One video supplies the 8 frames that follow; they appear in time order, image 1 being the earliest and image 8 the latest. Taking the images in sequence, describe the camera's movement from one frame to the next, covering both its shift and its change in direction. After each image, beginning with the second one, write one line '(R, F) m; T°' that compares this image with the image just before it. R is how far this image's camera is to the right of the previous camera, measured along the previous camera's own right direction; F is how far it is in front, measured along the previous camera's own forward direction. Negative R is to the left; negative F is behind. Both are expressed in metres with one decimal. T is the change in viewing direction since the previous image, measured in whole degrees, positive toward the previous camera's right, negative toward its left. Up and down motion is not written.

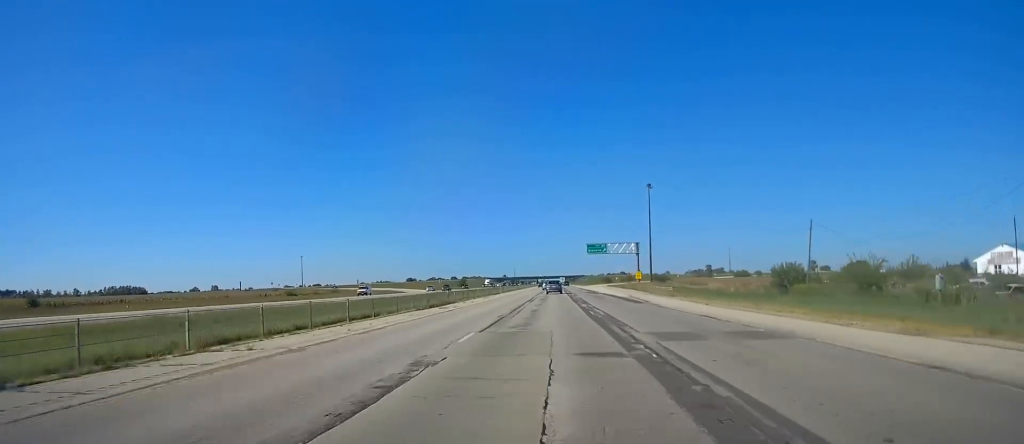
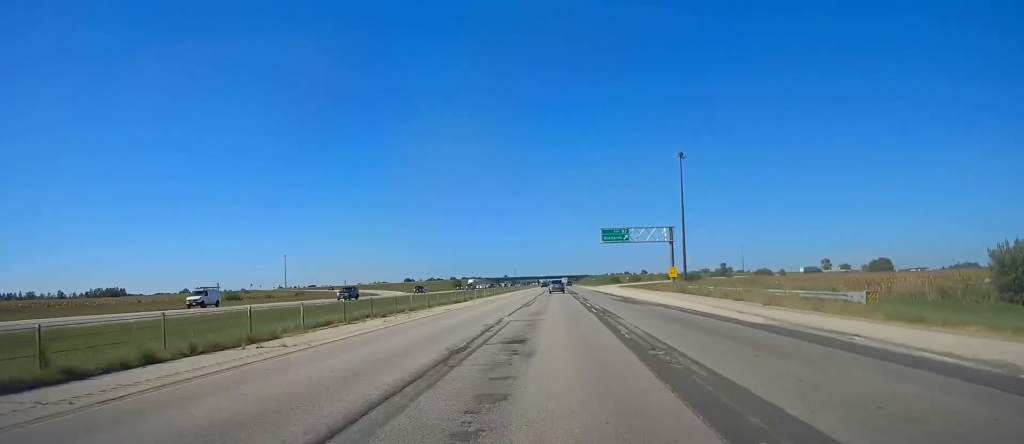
(+0.7, +38.0) m; +1°
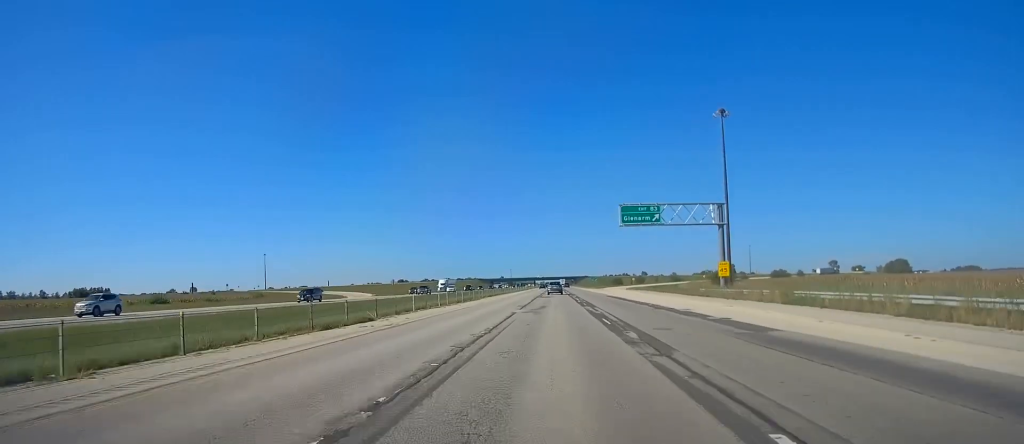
(-0.1, +31.5) m; -1°
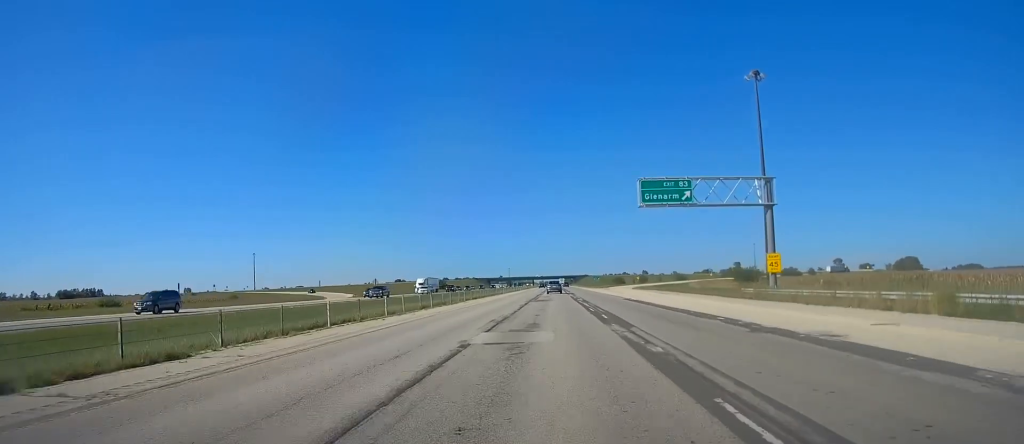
(-0.3, +16.3) m; 0°
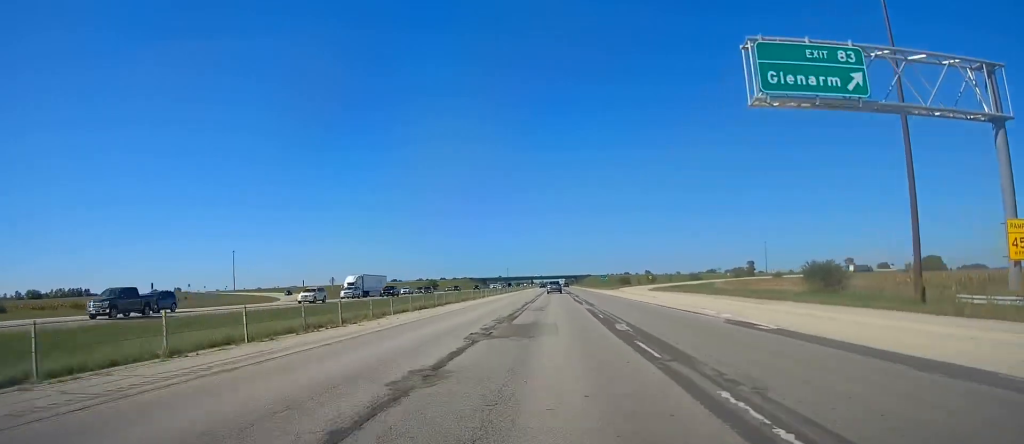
(+0.3, +30.4) m; +1°
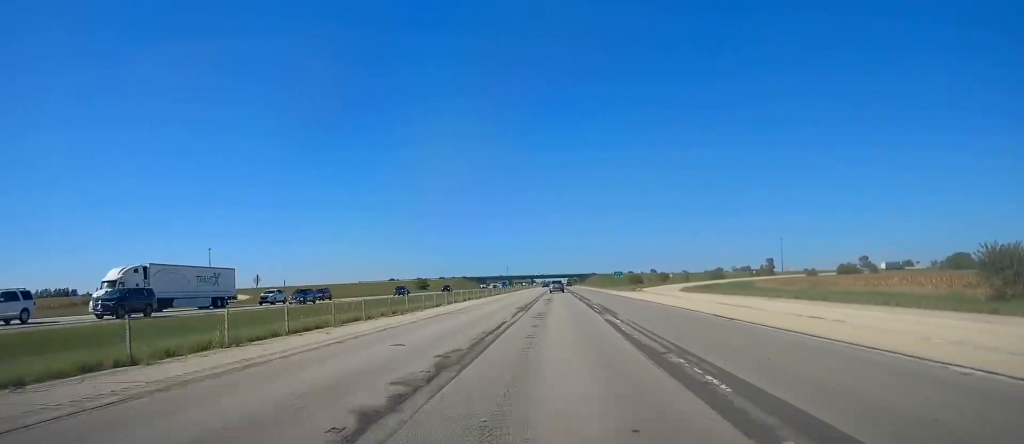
(+0.2, +33.6) m; 0°
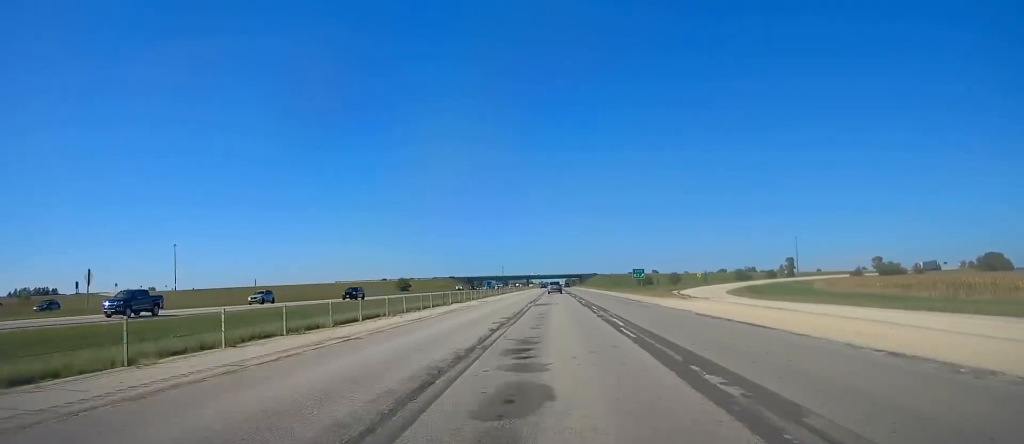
(0.0, +36.8) m; -1°
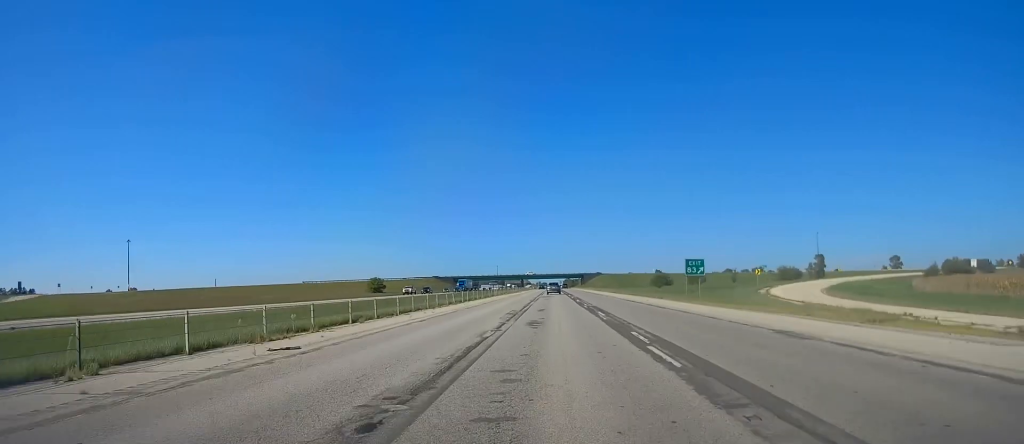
(-0.7, +42.2) m; 0°

### AIM OF THE EXERCISE
Your task is to repeat the material above exactly, without its pictures.

### EXERCISE RESPONSE
One video supplies the 8 frames that follow; they appear in time order, image 1 being the earliest and image 8 the latest. Taking the images in sequence, describe the camera's movement from one frame to the next, covering both its shift and its change in direction. After each image, beginning with the second one, write one line '(R, F) m; T°' that compares this image with the image just before it. R is how far this image's camera is to the right of the previous camera, measured along the previous camera's own right direction; F is how far it is in front, measured along the previous camera's own forward direction. Negative R is to the left; negative F is behind. Both are expressed in metres with one decimal. T is the change in viewing direction since the previous image, measured in whole degrees, positive toward the previous camera's right, negative toward its left. Up and down motion is not written.

(+0.7, +38.0) m; +1°
(-0.1, +31.5) m; -1°
(-0.3, +16.3) m; 0°
(+0.3, +30.4) m; +1°
(+0.2, +33.6) m; 0°
(0.0, +36.8) m; -1°
(-0.7, +42.2) m; 0°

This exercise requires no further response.